« Le point de vue de Julien Damon a le mérite de poser indirectement la question de la pauvreté des enfants et bien sûr aussi des plus jeunes en France. En revanche, nous ne comprenons pas très bien par quel subterfuge M. Damon fait relever d’une nécessité du placement, et donc d’un jugement sur l’entourage familial et parental, ce qui relève justement de cette pauvreté.
Le fait en lui-même est connu : qu’on le mesure selon les critères habituellement reconnus ou depuis un autre point de vue, comme celui de l’étude des privations, la pauvreté des enfants, en France, explose. Or nous ne voyons toujours pas dans notre pays se dessiner de véritable politique d’accompagnement de la petite enfance qui ne se réduise pas à du fractionnement de places en crèche. Où sont les innovations, où sont les accueils de jeunes enfants en milieu ouvert qui seraient également nécessaires ?
Par ailleurs, l’association dans laquelle je m’implique, Intermèdes Robinson, à Longjumeau (Essonne), est justement en lien avec des enfants et des parents d’origine roumaine, de la minorité rrom, qui sont très probablement visés par l’article de M. Damon. Rappelons que les adultes de cette minorité n’ont pas le droit de travailler en France, qu’ils ne perçoivent pas les allocations familiales, que plus de la moitié d’entre eux ne bénéficient pas de l’aide médicale de l’Etat. On comprend à ce compte que les adultes aient recours à la mendicité, ne serait-ce que pour répondre aux plus élémentaires besoins de leurs enfants. Il est curieux que M. Damon taise cet aspect de la réalité. Par ailleurs, s’il s’indigne de la présence des jeunes enfants lors de ces longues périodes de “manche”, peut-être peut-il considérer qu’il s’agit aussi pour les mères de garder leur enfant près d’elles ? Quelle structure accepterait de les prendre en charge pendant ce temps ?
Il est curieux alors que ce soit le placement et non l’accueil de la petite enfance, ou l’insertion des parents, que propose M. Damon. Il a bien raison pourtant de relever le coût abusif de tels placements. Peut-être faudrait-il aussi ajouter les doutes qu’on peut avoir sur leurs effets, tant sur les familles concernées que sur les enfants. N’y a-t-il donc pas d’autres moyens éducatifs à mettre en place ?
Enfin, M. Damon néglige un autre pan de la réalité : les services d’aide sociale départementaux ne se précipitent guère pour venir en aide aux enfants de parents précaires et sans domicile. Les pratiques observées relèvent même de la “patate chaude”. En contrepartie de quelques nuits au 115 pour une minorité à qui on impose un “nomadisme hôtelier” (un autre et plus véritable scandale sur lequel il faudrait revenir), on n’hésite pas à mettre des dizaines de familles avec enfants à la rue, sans solution et sans trop se poser de questions.
De toute façon, la responsabilité des services concernés est très vite renvoyée vers le labyrinthe des services d’hébergement d’urgence. Les familles sont renvoyées en dehors du département ; la trace en est perdue, ce qui évite d’affronter le problème de leur suivi.

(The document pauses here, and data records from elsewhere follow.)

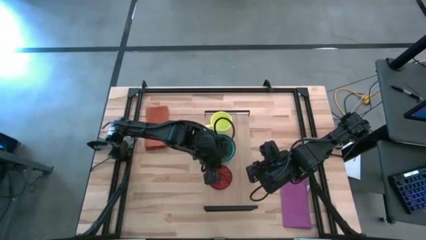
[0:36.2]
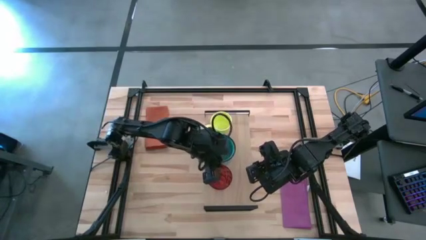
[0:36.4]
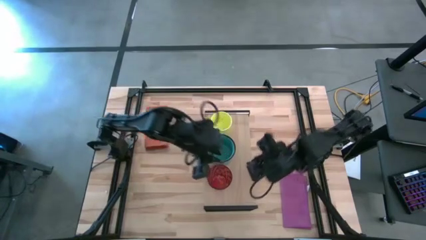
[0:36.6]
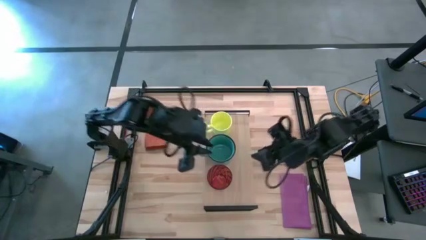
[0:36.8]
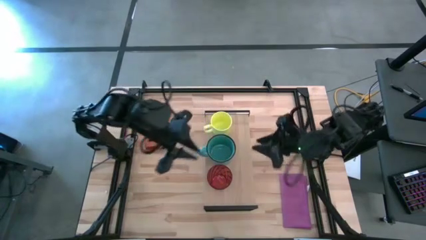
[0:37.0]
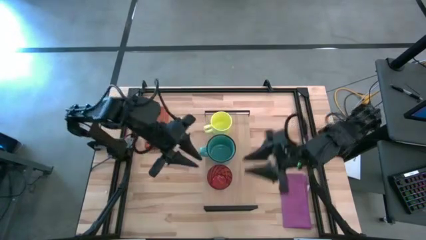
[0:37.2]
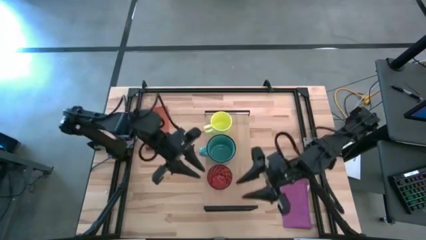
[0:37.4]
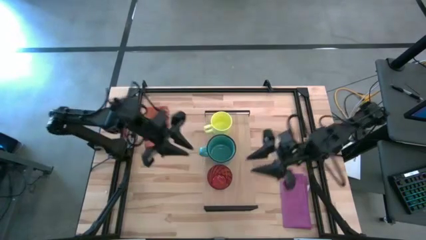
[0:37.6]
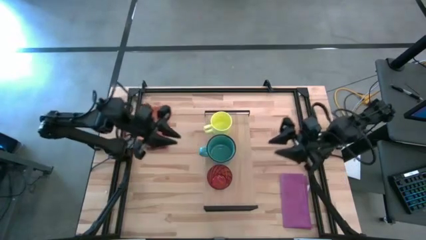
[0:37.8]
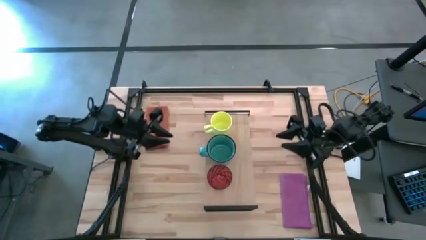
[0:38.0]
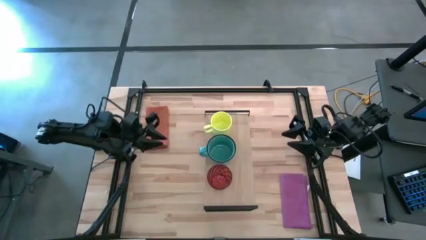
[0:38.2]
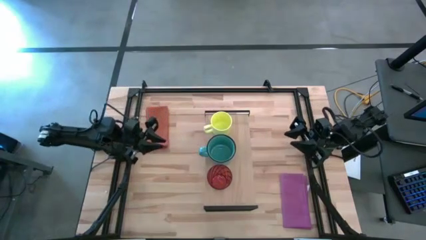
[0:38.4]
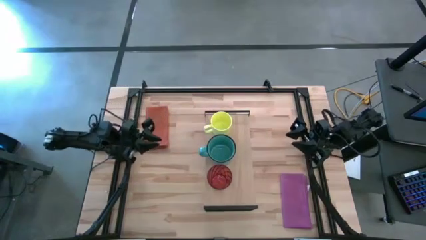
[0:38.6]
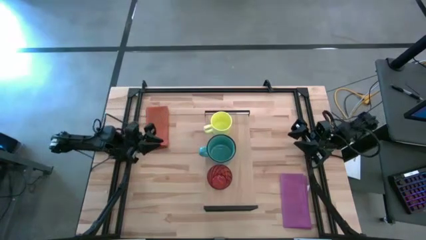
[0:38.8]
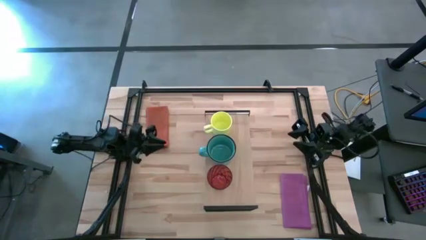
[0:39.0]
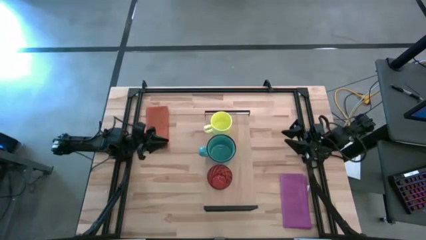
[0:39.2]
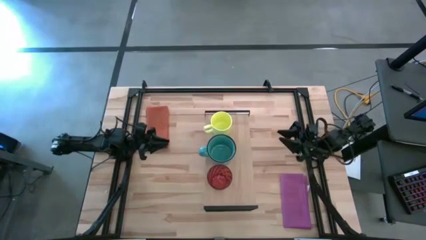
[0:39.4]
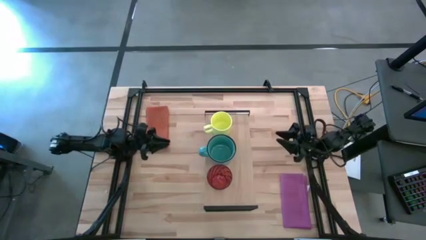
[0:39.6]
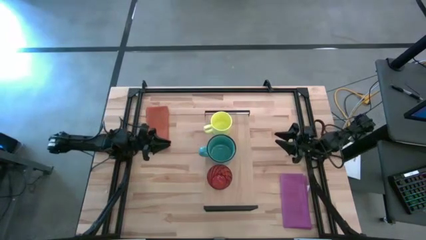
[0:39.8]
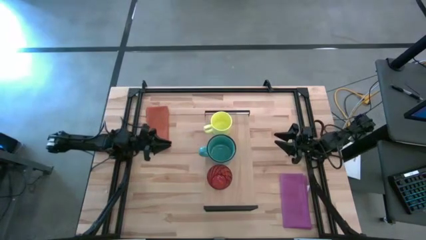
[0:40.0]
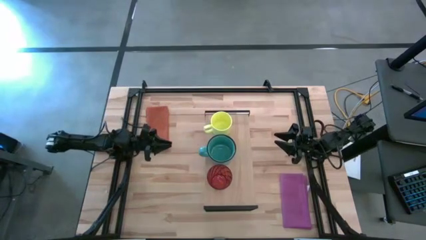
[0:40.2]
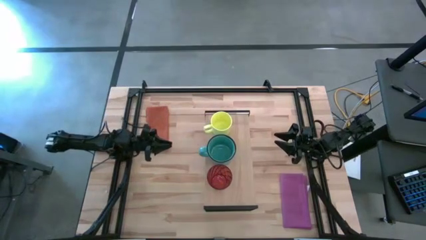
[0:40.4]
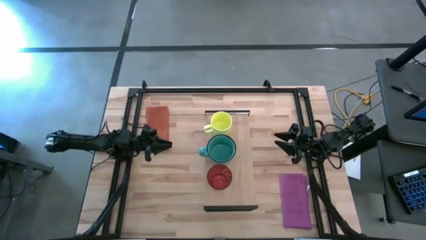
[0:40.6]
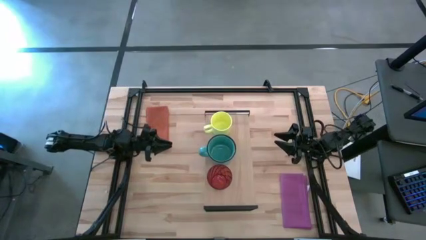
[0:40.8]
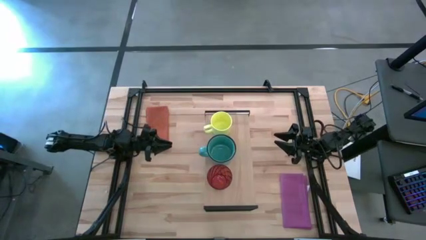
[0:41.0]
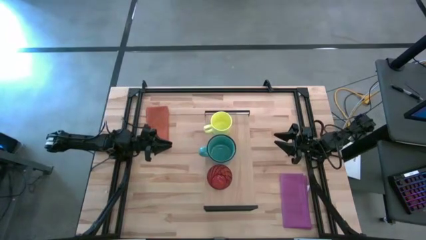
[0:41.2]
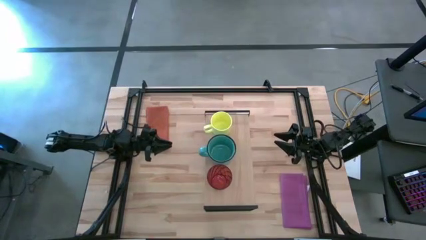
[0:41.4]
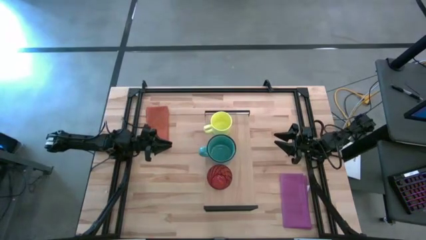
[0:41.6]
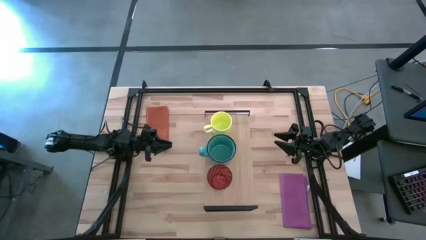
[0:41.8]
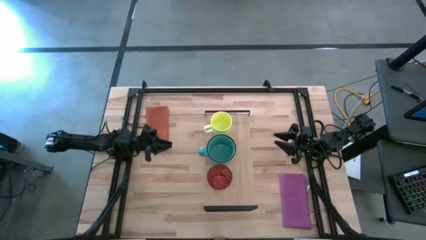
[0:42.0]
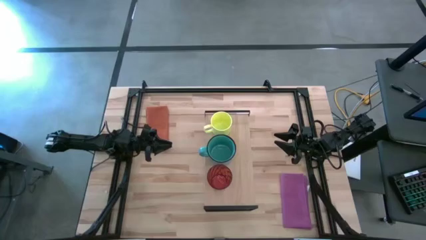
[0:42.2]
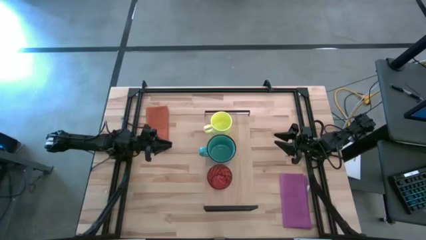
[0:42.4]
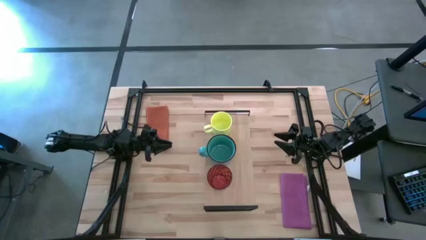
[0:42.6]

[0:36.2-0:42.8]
Return to Home Position

Ainsi M. Damon semble méconnaître les réalités les plus simples du secteur social. Il ignore dans sa prise de position que l’argument de la négligence parentale permet souvent de passer sous silence des négligences institutionnelles avérées, et qui nous obligeraient d’urgence à repenser notre dispositif de protection de l’enfance. Il ne suffira pas d’entretenir perpétuellement de vieilles solutions qui font la preuve aujourd’hui de leur inadaptation aux nouvelles réalités sociales et particulièrement à la précarité.
Il est urgent aujourd’hui de sortir de l’alternative entre placement et assistance éducative, car toutes ces mesures ont trouvé leurs limites. A quand le courage de faire autre chose et d’enfin soutenir l’innovation ? »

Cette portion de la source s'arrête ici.